Ben Damla'yı kontrole götürdüğümde doktorumuza bu 2.5 yaş sendromunu sordum. Damla gayet hareketli mutlu bir bebek, sendrom olayına kafayı takmayın dedi. Her çocuk bu dönemi zor geçirecek diye bir kaide yok tabii. Ama ben yeğenimden biliyorum. Bazı durumlarda acayip öfkeleniyordu kendine zarar verecek kadar sonra bunu atlattı şükür.

Bu durumda sendroma 6 ayımız var, bu dönemin tadını çıkaralım, sonra ki 6 ayıda ana-kız sinir ve öfke krizlerine girmeden atlatırsak yırttık. Sonra da haydi yuvaya :)).

Yanlış anlamayın kızımı başımdan atmak değil niyetim o işin şakası. Öyle olsaydı şimdi bile verirdim yuvaya. Bu yaşta alan çok yer var. Ama bir çocuğun en azından 3 yaşına kadar evde bire bir ilgiyle büyümesi gerektiğini düşünüyorum. Çalışmak zorundasındır bırakacak kimsen yoksa o ayrı. 3 yaşından sonrada yuvaya gitmesi gerekir bence. Yarım gün şeklinde başlayarak alıştıra alıştıra yuvaya geçiş yapılmalı. Çünkü bu yaştan sonra evdeki aktiviteler pek yeterli olmuyor. Artık zamanımızda çocuklar daha erken yaşlarda eğitime ve sosyalleşmeye ihtiyaç duyuyorlar. Kısmet bakalım zaman ne gösterecek.

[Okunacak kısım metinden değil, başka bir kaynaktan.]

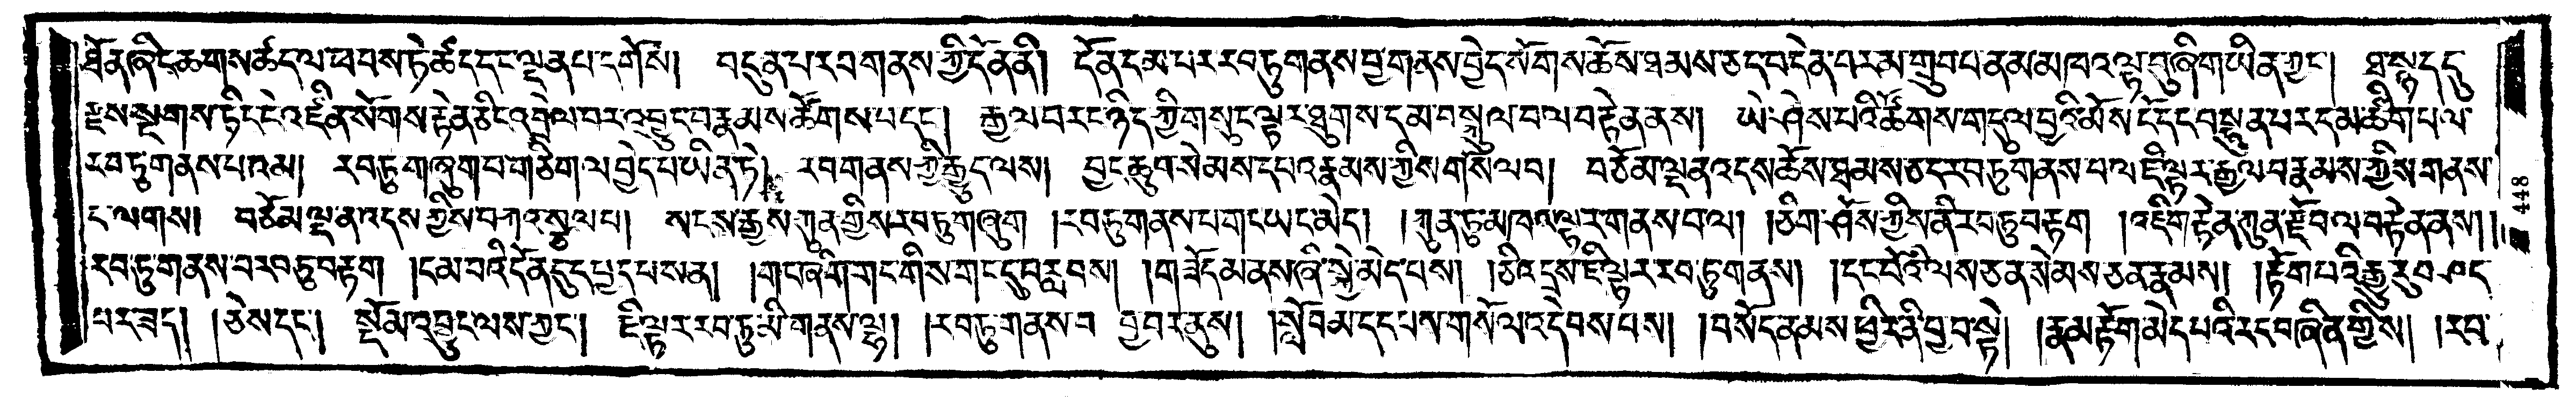ཐོན་ཞིང་ཆགས་ཚད་ལ་ཕབས་ཏེ་ཚད་དང་ལྡན་པ་དགོས། བདུན་པ་རབ་གནས་ཀྱི་དོན་ནི། དོན་དམ་པར་རབ་ཏུ་གནས་བྱ་གནས་བྱེད་སོགས་ཆོས་ཐམས་ཅད་བདེན་པར་མ་གྲུབ་པ་ནམ་མཁའ་ལྟ་བུ་ཞིག་ཡིན་ཀྱང་། ཐ་སྙད་དུ་
རྫས་སྔགས་ཏིང་ངེ་འཛིན་སོགས་རྟེན་ཅིང་འབྲེལ་བར་འབྱུང་བ་རྣམས་ཚོགས་པ་དང་། རྒྱལ་བ་རང་ཉིད་ཀྱི་གསུང་ལྟར་ཐུགས་དམ་བསྐུལ་བ་ལ་བརྟེན་ནས། ཡེ་ཤེས་པའི་ཚོགས་གདུལ་བྱའི་མོས་ངོ་དང་བསྟུན་པར་དམ་ཚིག་པ་ལ་
རབ་ཏུ་གནས་པའམ། རབ་ཏུ་གཞུག་པ་གཅིག་ལ་བྱེད་པ་ཡིན་ཏེ། རབ་གནས་ཀྱི་རྒྱུད་ལས། བྱང་ཆུབ་སེམས་དཔའ་རྣམས་ཀྱིས་གསོལ་བ། བཅོམ་ལྡན་འདས་ཆོས་ཐམས་ཅད་རབ་ཏུ་གནས་པ་ལ་ཇི་ལྟར་རྒྱལ་བ་རྣམས་ཀྱིས་གནས་
ང་ལགས། བཅོམ་ལྡན་འདས་ཀྱིས་བཀའ་སྩལ་པ། སངས་རྒྱས་ཀུན་གྱིས་རབ་ཏུ་གཞུག །རབ་ཏུ་གནས་པ་གང་ཡང་མེད། །ཀུན་ཏུ་མཁའ་ལྟར་གནས་པ་ལ། །ཅིག་ཤོས་ཀྱི་ནི་རབ་ཏུ་བརྟག །འཇིག་རྟེན་ཀུན་རྫོབ་ལ་བརྟེན་ནས། །
རབ་ཏུ་གནས་བ་རབ་ཏུ་བརྟག། །དམ་པའི་དོན་དུ་དཔྱད་པས་ན། གང་ཞིག་གང་གིས་གང་དུ་བརླབས། །གཟོད་མ་ནས་ཞི་སྐྱེ་མེད་པས། །ཅི་འདྲས་ཇི་ལྟར་རབ་ཏུ་གནས། །དང་པོའི་ལས་ཅན་སེམས་ཅན་རྣམས། །རྟོག་པའི་རྒྱུ་རུ་བཤད་
པར་ཟད། །ཅེས་དང་། སྡོམ་འབྱུང་ལས་ཀྱང་། ཇི་ལྟར་རབ་ཏུ་མི་གནས་ལྷ། །རབ་ཏུ་གནས་པ་བྱ་བར་ནུས། །སློབ་མ་དང་པས་གསོལ་འདེབས་པས། །བསོད་ནམས་ཕྱིར་ནི་བྱ་བ་སྟེ། །རྣམ་རྟོག་མེད་པའི་རང་བཞིན་གྱིས། །རབ་

KIZIM SENİ ÇOK SEVİYORUM....



OKUNAN KİTAPLAR:
Çocuğumu Büyütüyorum - Laurance Pernoud
Çocuk Psikolojisi - Prof. Dr. Haluk Yavuzer

BUNALDIM YİNE :(

Tam iyilestik, ohh grip aşımızıda olduk dedik Damla pazartesi günü yine nezle oldu. Üç gündür onunla uğraşıyoruz. Ne güzel kurtulmustuk o sevimsiz şuruplardan spreylerden. Doğal olarak şimdi de içmeyi reddediyor artık. Bi ilaç içirene kadar üstümüz başımız batıyor. Burnuna sterimar sıkmak ayrı bi sorun 'anneciğim yapma burnum acıyo' diyip ağlıyor yavrum. üzülüyorum ama elden ne gelir, ilaçsız geçmez ki.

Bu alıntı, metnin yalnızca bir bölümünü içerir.